Different social class backgrounds affect transition to college
The majority of first generation and low-income students struggle to survive the transition from home to college because their experiences and social class backgrounds often leave them confused about the middle-class cultural norms that define university life. These students, especially those at elite private universities, frequently feel psychological distress, social exclusion, and academic anxiety even though they have finally achieved what is supposed to be the golden gateway to a successful life. I experienced these feelings as a first generation student a generation ago.
Today’s college bridge programs address first generation student “needs” generally by focusing on ways to fix academic defects and financial shortfalls. They rarely discuss how social class backgrounds affect the entire college experience. All too often college administrators and students just don’t have the vocabulary to engage in meaningful conversations about social class.
But these conversations are crucial.
We need to acknowledge that social class backgrounds affect how students adjust to and experience college life. During the last several decades the social-class achievement gap has widened, not narrowed, on U.S. college and university campuses. And we need to understand why.
An increasing body of research shows that just talking about social class differences can make a dramatic impact on college transition and success among first generation students. Researchers at Northwestern University (Illinois, USA) tested an intervention to reduce the achievement gap through discussing how different social class backgrounds affect how students experience college.
Compared with their continuing-generation peers, first generation students are especially likely to feel left out and to have trouble finding their place. – Stephens, Hamedani and Destin
Students (both first and continuing generation students) were randomly selected to attend panel discussion where college seniors shared their individual stories of adjustment, highlighting their individual social class backgrounds when they addressed issues such as anxiety, stress, social engagement and academic achievement. Students in the control group (those who experienced the typical bridge programs) did not discuss experiences in the context of social class background.The intervention provided first generation students with a framework to understand that social class differences matter. And once first generation students become aware of these differences, the study concluded, the college transition experience became understandable — and doable.
Because my parents didn’t go to college, they weren’t always able to provide me the advice I needed … I learned that I needed to rely on my adviser more than other students -First generation college student.
The researchers found that when students talked about how their social class backgrounds affected their transition to and achievements in college, they felt able to take the next step and seek out resources.
First generation students today are facing their fears and taking steps to raise awareness. Programs are popping up around the country. Students at Brown University founded 1vyG to encourage first generation students at Ivy League universities to work together and support each other through their undergraduate journeys. Students at Princeton University founded the Princeton Hidden Minorities Council (PHMC) in an attempt to get first generation students to talk about their experiences, find role models and build self-confidence through connected communities.

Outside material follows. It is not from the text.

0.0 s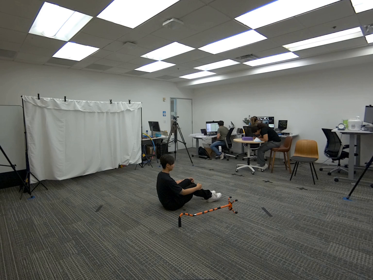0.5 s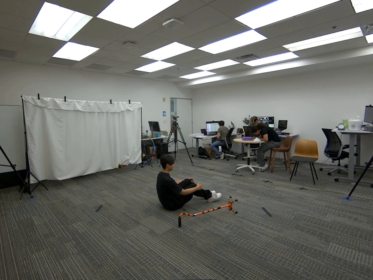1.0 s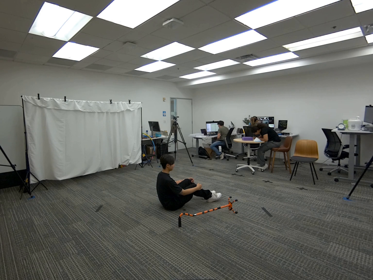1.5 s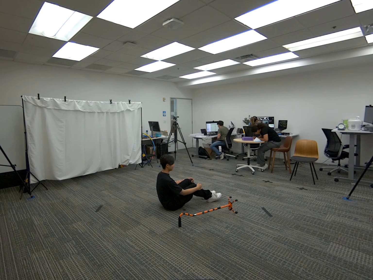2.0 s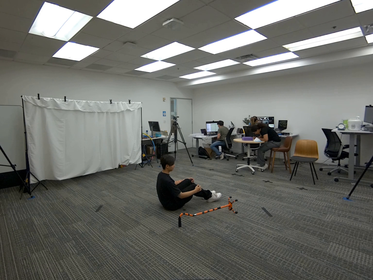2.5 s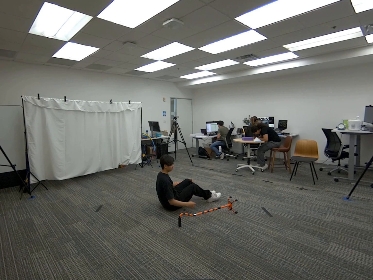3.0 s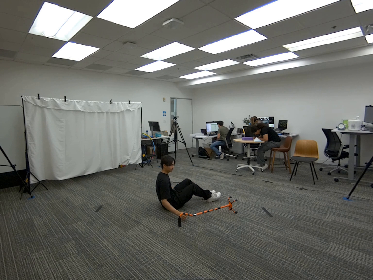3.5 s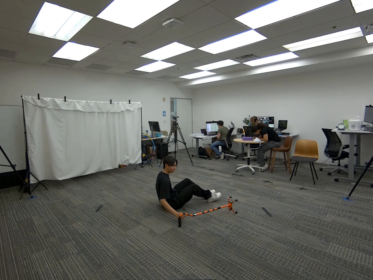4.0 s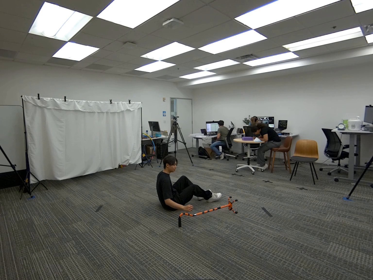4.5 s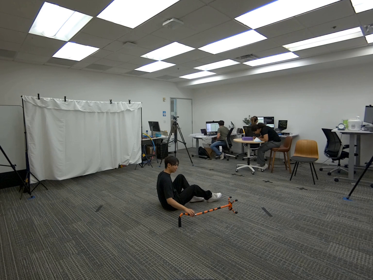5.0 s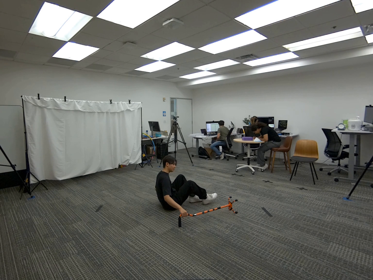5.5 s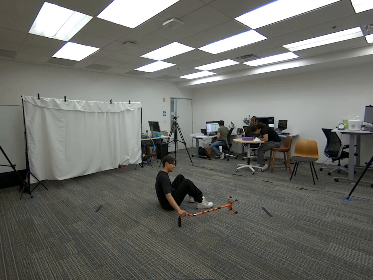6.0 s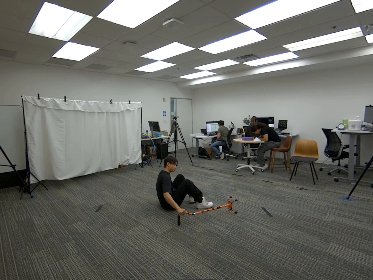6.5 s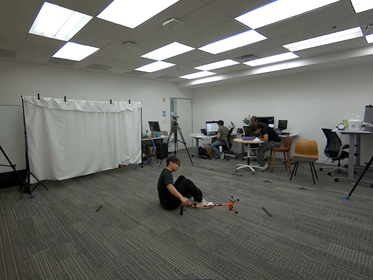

Yes, social class backgrounds do matter. And so do cultural differences.
In a recent article in the Chronicle of Higher Education, “How Sociologists Made Themselves Irrelevant –and What They Can Do about It”, Harvard sociologist Orlando Patterson discusses the importance of talking about cultural differences and how they affect perceptions of school and work. Reflecting on lessons learned in his work on black youth, Patterson concludes that “culture is not immutable, as is commonly believed, and … policies explicitly incorporating cultural change can be effective. Indeed, the history of change in America indicates that deep-seated cultural values, norms, beliefs, and habitual practices may be easier to change than structural ones.”
Patterson, like the Northwestern University researchers, advocates acknowledging and talking about differences. He notes that “people generally are not offended by attempts to change their values, habits, and even their modes of self-presentation if they are first persuaded that it is in their own interests to do so.”
Talking about how differences in social class backgrounds affect the college experience allows first generation students to see that making successful psychological, social and academic transitions to college life actually is in their self-interest. Armed with that knowledge, first generation students can leverage college resources that best serve their individual needs.